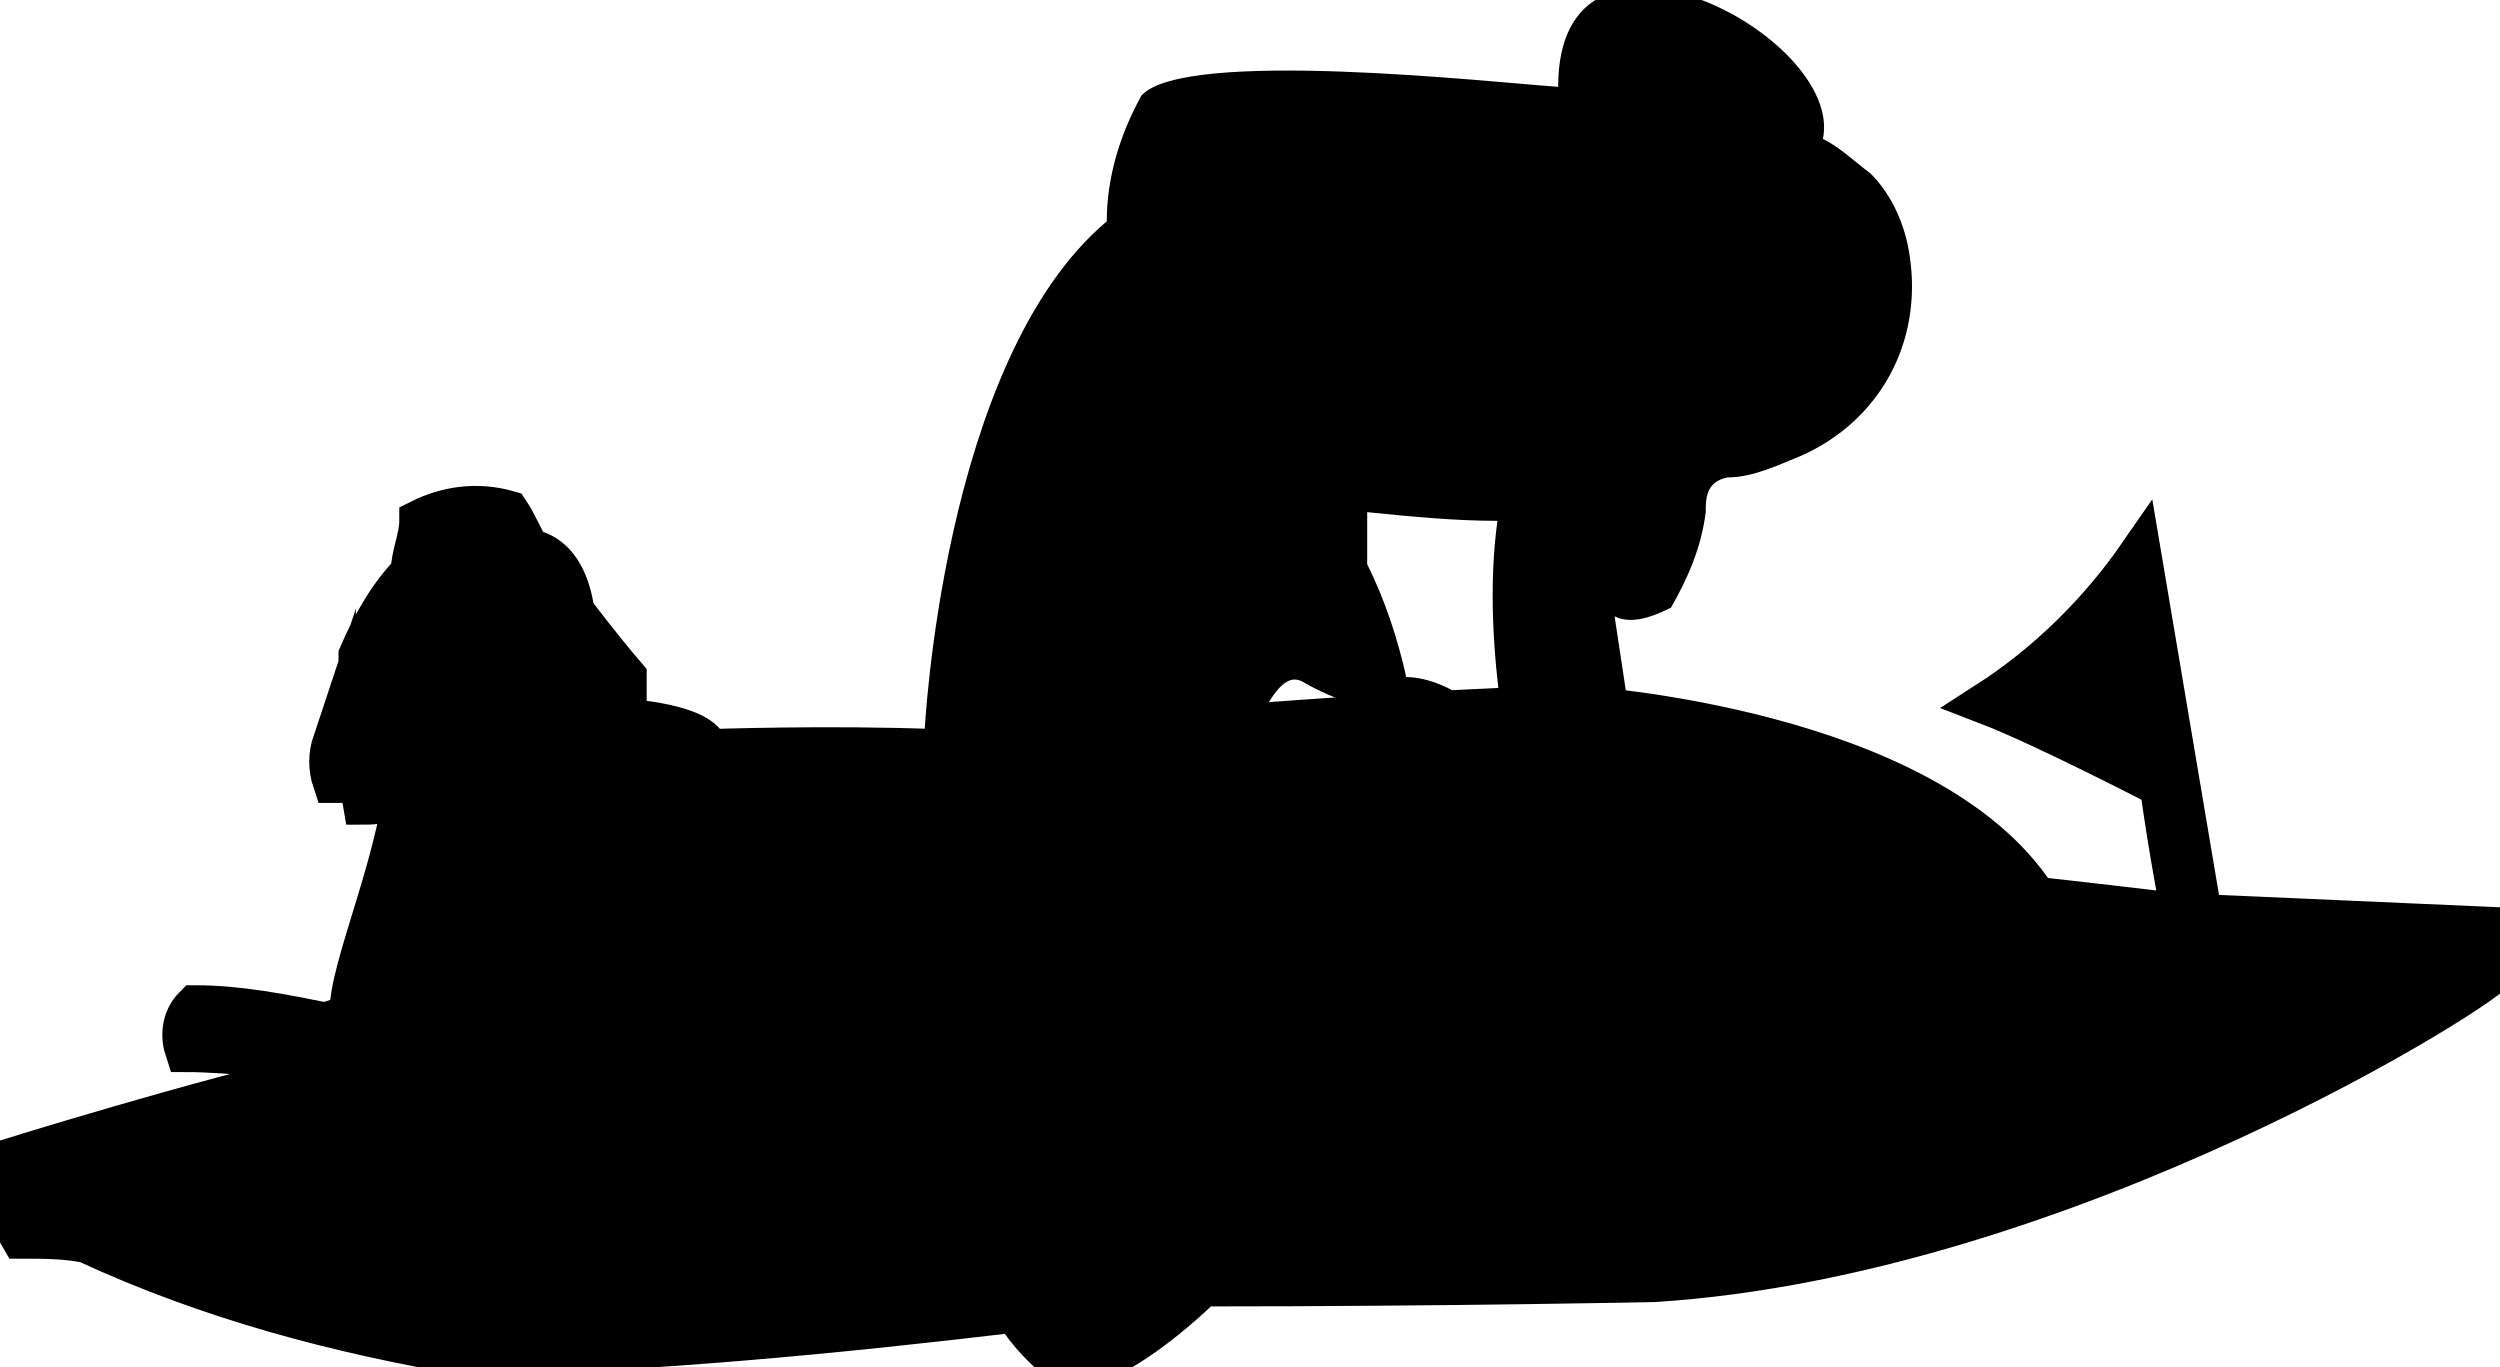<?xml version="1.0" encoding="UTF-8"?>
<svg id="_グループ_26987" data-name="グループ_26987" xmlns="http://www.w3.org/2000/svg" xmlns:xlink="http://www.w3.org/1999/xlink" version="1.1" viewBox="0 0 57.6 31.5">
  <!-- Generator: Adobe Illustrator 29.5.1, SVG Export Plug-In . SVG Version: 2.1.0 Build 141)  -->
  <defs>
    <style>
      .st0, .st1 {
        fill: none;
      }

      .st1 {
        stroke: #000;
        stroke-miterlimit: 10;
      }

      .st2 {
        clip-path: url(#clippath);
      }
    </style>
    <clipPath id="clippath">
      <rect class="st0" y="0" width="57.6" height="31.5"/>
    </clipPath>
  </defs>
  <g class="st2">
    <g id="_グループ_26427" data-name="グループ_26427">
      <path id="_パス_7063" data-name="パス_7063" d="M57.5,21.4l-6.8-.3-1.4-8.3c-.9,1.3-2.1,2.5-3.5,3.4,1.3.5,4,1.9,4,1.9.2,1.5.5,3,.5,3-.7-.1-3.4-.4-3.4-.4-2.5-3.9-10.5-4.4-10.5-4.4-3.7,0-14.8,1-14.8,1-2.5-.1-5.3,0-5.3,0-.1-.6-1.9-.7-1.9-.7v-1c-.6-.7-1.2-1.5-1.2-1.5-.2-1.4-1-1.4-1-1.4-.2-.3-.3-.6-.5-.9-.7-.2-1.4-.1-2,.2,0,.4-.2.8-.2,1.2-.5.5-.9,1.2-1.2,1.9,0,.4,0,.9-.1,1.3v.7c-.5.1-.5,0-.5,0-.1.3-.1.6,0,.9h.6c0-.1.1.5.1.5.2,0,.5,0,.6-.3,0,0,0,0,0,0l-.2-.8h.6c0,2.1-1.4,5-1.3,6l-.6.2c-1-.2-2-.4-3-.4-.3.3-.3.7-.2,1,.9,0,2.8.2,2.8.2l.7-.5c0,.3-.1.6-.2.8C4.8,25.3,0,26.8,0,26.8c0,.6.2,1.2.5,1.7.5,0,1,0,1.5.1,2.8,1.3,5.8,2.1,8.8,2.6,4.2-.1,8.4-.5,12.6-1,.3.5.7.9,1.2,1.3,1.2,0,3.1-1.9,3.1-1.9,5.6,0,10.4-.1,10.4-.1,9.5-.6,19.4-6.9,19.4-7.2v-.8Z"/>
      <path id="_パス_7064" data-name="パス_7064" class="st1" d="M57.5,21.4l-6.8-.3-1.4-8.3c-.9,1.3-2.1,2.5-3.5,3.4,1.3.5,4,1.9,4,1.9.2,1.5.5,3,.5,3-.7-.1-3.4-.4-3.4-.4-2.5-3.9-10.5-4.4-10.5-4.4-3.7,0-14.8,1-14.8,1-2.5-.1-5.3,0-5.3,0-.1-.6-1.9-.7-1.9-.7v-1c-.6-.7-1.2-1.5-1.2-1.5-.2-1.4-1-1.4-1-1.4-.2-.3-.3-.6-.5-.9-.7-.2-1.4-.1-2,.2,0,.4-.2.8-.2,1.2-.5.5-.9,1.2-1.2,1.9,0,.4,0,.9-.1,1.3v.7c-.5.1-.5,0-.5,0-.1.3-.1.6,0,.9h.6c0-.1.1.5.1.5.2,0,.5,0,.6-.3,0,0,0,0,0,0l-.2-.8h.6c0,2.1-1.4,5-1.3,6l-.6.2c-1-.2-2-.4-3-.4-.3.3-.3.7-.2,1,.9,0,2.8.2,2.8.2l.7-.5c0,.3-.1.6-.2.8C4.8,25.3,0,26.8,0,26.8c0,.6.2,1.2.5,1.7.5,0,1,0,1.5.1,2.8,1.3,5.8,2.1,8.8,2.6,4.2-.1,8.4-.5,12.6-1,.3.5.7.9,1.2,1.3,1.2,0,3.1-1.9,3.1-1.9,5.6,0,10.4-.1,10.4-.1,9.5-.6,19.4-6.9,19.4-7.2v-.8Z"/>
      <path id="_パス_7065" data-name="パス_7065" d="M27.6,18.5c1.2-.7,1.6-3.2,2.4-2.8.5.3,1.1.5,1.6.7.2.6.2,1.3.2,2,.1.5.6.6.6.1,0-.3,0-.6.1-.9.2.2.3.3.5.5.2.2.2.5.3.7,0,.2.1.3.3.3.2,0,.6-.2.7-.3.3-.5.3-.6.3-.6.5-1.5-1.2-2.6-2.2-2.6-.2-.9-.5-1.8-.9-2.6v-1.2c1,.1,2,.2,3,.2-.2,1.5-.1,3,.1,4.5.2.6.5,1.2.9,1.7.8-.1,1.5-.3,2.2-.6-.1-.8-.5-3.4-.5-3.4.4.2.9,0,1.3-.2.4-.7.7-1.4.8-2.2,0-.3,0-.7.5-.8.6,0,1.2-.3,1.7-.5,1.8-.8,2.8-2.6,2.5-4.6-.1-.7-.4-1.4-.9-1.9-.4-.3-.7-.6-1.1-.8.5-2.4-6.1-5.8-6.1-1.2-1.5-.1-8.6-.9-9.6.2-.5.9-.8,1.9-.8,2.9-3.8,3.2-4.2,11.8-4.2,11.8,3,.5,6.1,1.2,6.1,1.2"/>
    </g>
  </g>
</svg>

■ ■ ■

* **WORK TO BE COMPLETED**:
All of the material must be given again exactly, though no picture may appear in the copy.

* **RESPONSE AREA**:
<?xml version="1.0" encoding="UTF-8"?>
<svg id="_グループ_26987" data-name="グループ_26987" xmlns="http://www.w3.org/2000/svg" xmlns:xlink="http://www.w3.org/1999/xlink" version="1.1" viewBox="0 0 57.6 31.5">
  <!-- Generator: Adobe Illustrator 29.5.1, SVG Export Plug-In . SVG Version: 2.1.0 Build 141)  -->
  <defs>
    <style>
      .st0, .st1 {
        fill: none;
      }

      .st1 {
        stroke: #000;
        stroke-miterlimit: 10;
      }

      .st2 {
        clip-path: url(#clippath);
      }
    </style>
    <clipPath id="clippath">
      <rect class="st0" y="0" width="57.6" height="31.5"/>
    </clipPath>
  </defs>
  <g class="st2">
    <g id="_グループ_26427" data-name="グループ_26427">
      <path id="_パス_7063" data-name="パス_7063" d="M57.5,21.4l-6.8-.3-1.4-8.3c-.9,1.3-2.1,2.5-3.5,3.4,1.3.5,4,1.9,4,1.9.2,1.5.5,3,.5,3-.7-.1-3.4-.4-3.4-.4-2.5-3.9-10.5-4.4-10.5-4.4-3.7,0-14.8,1-14.8,1-2.5-.1-5.3,0-5.3,0-.1-.6-1.9-.7-1.9-.7v-1c-.6-.7-1.2-1.5-1.2-1.5-.2-1.4-1-1.4-1-1.4-.2-.3-.3-.6-.5-.9-.7-.2-1.4-.1-2,.2,0,.4-.2.8-.2,1.2-.5.5-.9,1.2-1.2,1.9,0,.4,0,.9-.1,1.3v.7c-.5.1-.5,0-.5,0-.1.3-.1.6,0,.9h.6c0-.1.1.5.1.5.2,0,.5,0,.6-.3,0,0,0,0,0,0l-.2-.8h.6c0,2.1-1.4,5-1.3,6l-.6.2c-1-.2-2-.4-3-.4-.3.3-.3.7-.2,1,.9,0,2.8.2,2.8.2l.7-.5c0,.3-.1.6-.2.8C4.8,25.3,0,26.8,0,26.8c0,.6.2,1.2.5,1.7.5,0,1,0,1.5.1,2.8,1.3,5.8,2.1,8.8,2.6,4.2-.1,8.4-.5,12.6-1,.3.5.7.9,1.2,1.3,1.2,0,3.1-1.9,3.1-1.9,5.6,0,10.4-.1,10.4-.1,9.5-.6,19.4-6.9,19.4-7.2v-.8Z"/>
      <path id="_パス_7064" data-name="パス_7064" class="st1" d="M57.5,21.4l-6.8-.3-1.4-8.3c-.9,1.3-2.1,2.5-3.5,3.4,1.3.5,4,1.9,4,1.9.2,1.5.5,3,.5,3-.7-.1-3.4-.4-3.4-.4-2.5-3.9-10.5-4.4-10.5-4.4-3.7,0-14.8,1-14.8,1-2.5-.1-5.3,0-5.3,0-.1-.6-1.9-.7-1.9-.7v-1c-.6-.7-1.2-1.5-1.2-1.5-.2-1.4-1-1.4-1-1.4-.2-.3-.3-.6-.5-.9-.7-.2-1.4-.1-2,.2,0,.4-.2.8-.2,1.2-.5.5-.9,1.2-1.2,1.9,0,.4,0,.9-.1,1.3v.7c-.5.1-.5,0-.5,0-.1.3-.1.6,0,.9h.6c0-.1.1.5.1.5.2,0,.5,0,.6-.3,0,0,0,0,0,0l-.2-.8h.6c0,2.1-1.4,5-1.3,6l-.6.2c-1-.2-2-.4-3-.4-.3.3-.3.7-.2,1,.9,0,2.8.2,2.8.2l.7-.5c0,.3-.1.6-.2.8C4.8,25.3,0,26.8,0,26.8c0,.6.2,1.2.5,1.7.5,0,1,0,1.5.1,2.8,1.3,5.8,2.1,8.8,2.6,4.2-.1,8.4-.5,12.6-1,.3.5.7.9,1.2,1.3,1.2,0,3.1-1.9,3.1-1.9,5.6,0,10.4-.1,10.4-.1,9.5-.6,19.4-6.9,19.4-7.2v-.8Z"/>
      <path id="_パス_7065" data-name="パス_7065" d="M27.6,18.5c1.2-.7,1.6-3.2,2.4-2.8.5.3,1.1.5,1.6.7.2.6.2,1.3.2,2,.1.5.6.6.6.1,0-.3,0-.6.1-.9.2.2.3.3.5.5.2.2.2.5.3.7,0,.2.1.3.3.3.2,0,.6-.2.7-.3.3-.5.3-.6.3-.6.5-1.5-1.2-2.6-2.2-2.6-.2-.9-.5-1.8-.9-2.6v-1.2c1,.1,2,.2,3,.2-.2,1.5-.1,3,.1,4.5.2.6.5,1.2.9,1.7.8-.1,1.5-.3,2.2-.6-.1-.8-.5-3.4-.5-3.4.4.2.9,0,1.3-.2.4-.7.7-1.4.8-2.2,0-.3,0-.7.5-.8.6,0,1.2-.3,1.7-.5,1.8-.8,2.8-2.6,2.5-4.6-.1-.7-.4-1.4-.9-1.9-.4-.3-.7-.6-1.1-.8.5-2.4-6.1-5.8-6.1-1.2-1.5-.1-8.6-.9-9.6.2-.5.9-.8,1.9-.8,2.9-3.8,3.2-4.2,11.8-4.2,11.8,3,.5,6.1,1.2,6.1,1.2"/>
    </g>
  </g>
</svg>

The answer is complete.